LA TRAVERSEE, PIED-NUS, DU LAC DE BRAISE
Je suis un robot, fait de tissus organiques. Je bois, je pense, je me déplace, je mène une vie sociale presque normale, presque, mais pas tout à fait quand même.
Dehors, en bas, dans le jardinet dépendant de l’immeuble où j’habite, les thuyas s’agitent, car le vent les frôle en passant.
Ici, dans ma chambre, il est minuit et quelques, comme cela est indiqué sur le réveil mécanique qui tic et tac près de ma main gauche qui repose à plat sur le bureau où est posée la feuille blanche, enfin presque, sur laquelle j’écris en ce moment.
Il y a du silence et quelques oranges. Je n’aime pas les peler, alors elles resteront assez longtemps dans la soupière à attendre que j’aie vraiment très très envie d’un jus ou de quelques quartiers. Là n’est pas la question.
Il n’y a personne autour de moi. C’est normal. Je vis seul. Mes voisins que je connais à peine, bonjour-bonjour-ça-va-bien-oui-et-vous, dorment certainement.
Il n’est pas si tard. Mais ils travaillent le matin, contrairement à moi. J’ai gagné un concours, ça arrive, organisé par une marque de quelquechose, dont je ne veux pas faire ici de publicité, bien que ce soit leur but, et l’on me verse l’équivalent du SMIG tous les mois pendant dix ans. Il ne m’en faut pas plus, alors je reste chez moi, ou je sors si j’ai besoin de quelque chose, mais je ne travaille pas, moi.
Là n’est pas la question. Du moins, ça n’est pas la principale question.
Je suis un robot et je bois, je pense, je me déplace. Je ne suis pas libre. On me l’a dit, je l’ai lu. J’ai programmé mon ordinateur pour qu’il joue au morpion. Il ne joue pas bien, je ne me suis pas cassé la tête. Mais il fait des choix. Si quatre pions adverses sont alignés, il bloque. Sinon, il fait autre chose. Ça dépend de la configuration.

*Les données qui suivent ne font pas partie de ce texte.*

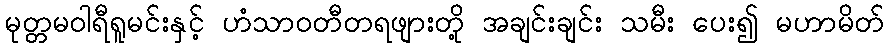
မုတ္တမဝါရီရူမင်းနှင့် ဟံသာဝတီတရဖျားတို့ အချင်းချင်း သမီး ပေး၍ မဟာမိတ်
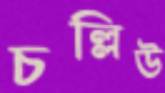
চল্লিউ
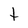
Character: t
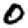
Digit: 0
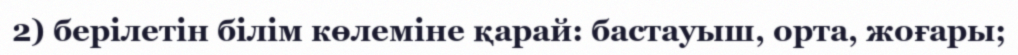
2) берілетін білім көлеміне қарай: бастауыш, орта, жоғары;
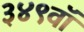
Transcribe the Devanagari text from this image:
३४९वॉ
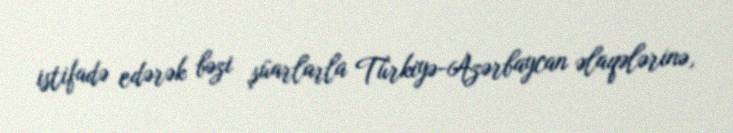
istifadə edərək bəzi şüarlarla Türkiyə-Azərbaycan əlaqələrinə,
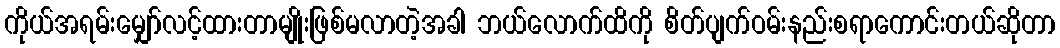
ကိုယ်အရမ်းမျှော်လင့်ထားတာမျိုးဖြစ်မလာတဲ့အခါ ဘယ်လောက်ထိကို စိတ်ပျက်ဝမ်းနည်းစရာကောင်းတယ်ဆိုတာ
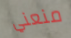
منعني
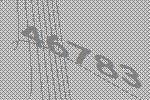
46783
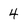
Character: 4

Il choisit en fonction de ce qui se présente à lui. S’il avait une conscience, il dirait qu’il choisit librement. Mais pas du tout: il fonctionne. Il applique la méthode que je lui ai donnée. Il est bête. Et donc moi aussi. J’ai choisi d’écrire ce soir, mais ça ne dépend pas de moi. Je fonctionne ainsi.